Derrick Michael Phelps (born July 31, 1972) is an American former professional basketball player. At 6'4" and 181 lbs., he played as a point guard. He was most recently the associate head coach at Washington State.

High school
Phelps attended Christ The King Regional High School, in Middle Village, Queens, New York. He was named to the 1990 McDonald's All-American Team. After, he played in the McDonald's All-American game with future UNC teammates Eric Montross, Brian Reese, and Clifford Rozier.

College career
Phelps rose to prominence while playing college basketball for coach Dean Smith at the University of North Carolina, with the Tar Heels. He was named as an All-Atlantic Coast Conference Honorable Mention in 1993, and was named to the 2nd Team in 1994. Phelps was a member of North Carolina's 1993 NCAA National Championship team, as the Tar Heels defeated Michigan, by a score of 77-71, in the title game. Graduating in 1994, Phelps left college holding two Tar Heel records: most steals in one game (9), and most steals in a career (247). He was also the only player in ACC history with 600 assists, 400 rebounds, and 200 steals.

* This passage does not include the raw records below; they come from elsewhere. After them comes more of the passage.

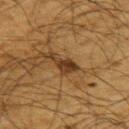<case>
<biopsy_status>not biopsied; imaged during a skin examination</biopsy_status>
<site>back</site>
<lesion_size>
  <long_diameter_mm_approx>4.0</long_diameter_mm_approx>
</lesion_size>
<patient>
  <sex>male</sex>
  <age_approx>65</age_approx>
</patient>
<automated_metrics>
  <cielab_L>29</cielab_L>
  <cielab_a>16</cielab_a>
  <cielab_b>28</cielab_b>
  <vs_skin_darker_L>10.0</vs_skin_darker_L>
  <vs_skin_contrast_norm>10.5</vs_skin_contrast_norm>
  <border_irregularity_0_10>4.5</border_irregularity_0_10>
  <color_variation_0_10>3.0</color_variation_0_10>
  <peripheral_color_asymmetry>1.0</peripheral_color_asymmetry>
  <lesion_detection_confidence_0_100>75</lesion_detection_confidence_0_100>
</automated_metrics>
<image>
  <source>total-body photography crop</source>
  <field_of_view_mm>15</field_of_view_mm>
</image>
</case>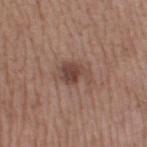* notes · imaged on a skin check; not biopsied
* image · ~15 mm crop, total-body skin-cancer survey
* lesion diameter · ≈4 mm
* automated lesion analysis · a footprint of about 7.5 mm² and an outline eccentricity of about 0.75 (0 = round, 1 = elongated); a lesion color around L≈44 a*≈18 b*≈23 in CIELAB and a normalized border contrast of about 8
* site · the right thigh
* tile lighting · white-light
* subject · female, roughly 55 years of age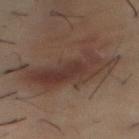Impression: The lesion was tiled from a total-body skin photograph and was not biopsied. Acquisition and patient details: The total-body-photography lesion software estimated a lesion color around L≈28 a*≈14 b*≈18 in CIELAB, about 7 CIELAB-L* units darker than the surrounding skin, and a normalized border contrast of about 7.5. The analysis additionally found a border-irregularity index near 7.5/10 and a color-variation rating of about 4/10. The analysis additionally found a classifier nevus-likeness of about 5/100 and a lesion-detection confidence of about 100/100. This is a cross-polarized tile. A close-up tile cropped from a whole-body skin photograph, about 15 mm across. The lesion is located on the front of the torso. A male patient aged 28 to 32.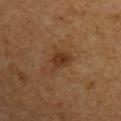Findings:
• workup: catalogued during a skin exam; not biopsied
• image source: ~15 mm crop, total-body skin-cancer survey
• automated lesion analysis: an area of roughly 5.5 mm² and an eccentricity of roughly 0.75; a nevus-likeness score of about 65/100 and lesion-presence confidence of about 100/100
• patient: male, aged approximately 60
• body site: the arm
• lesion size: ≈3.5 mm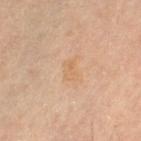Case summary:
- follow-up · catalogued during a skin exam; not biopsied
- location · the left thigh
- patient · female, aged around 60
- imaging modality · ~15 mm crop, total-body skin-cancer survey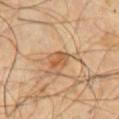Part of a total-body skin-imaging series; this lesion was reviewed on a skin check and was not flagged for biopsy.
Captured under cross-polarized illumination.
Automated image analysis of the tile measured a shape eccentricity near 0.75 and a shape-asymmetry score of about 0.25 (0 = symmetric). The analysis additionally found internal color variation of about 2.5 on a 0–10 scale and peripheral color asymmetry of about 0.5. The analysis additionally found a detector confidence of about 100 out of 100 that the crop contains a lesion.
A male patient aged around 55.
Measured at roughly 2.5 mm in maximum diameter.
This image is a 15 mm lesion crop taken from a total-body photograph.
From the chest.

Professional playing career
Phelps was not drafted by an NBA team. He was the sixth overall pick of the 1994 Continental Basketball Association (CBA) draft, by the Chicago Rockers. He did play in three NBA games with the Sacramento Kings in the 1994-95 season. The Vancouver Grizzlies selected him in the 1995 NBA expansion draft, but he did not play for them before they renounced his NBA rights in 1996. He also spent some time during the NBA preseason (but not in any regular season contests) with the Milwaukee Bucks (1994), and Philadelphia 76ers (1997).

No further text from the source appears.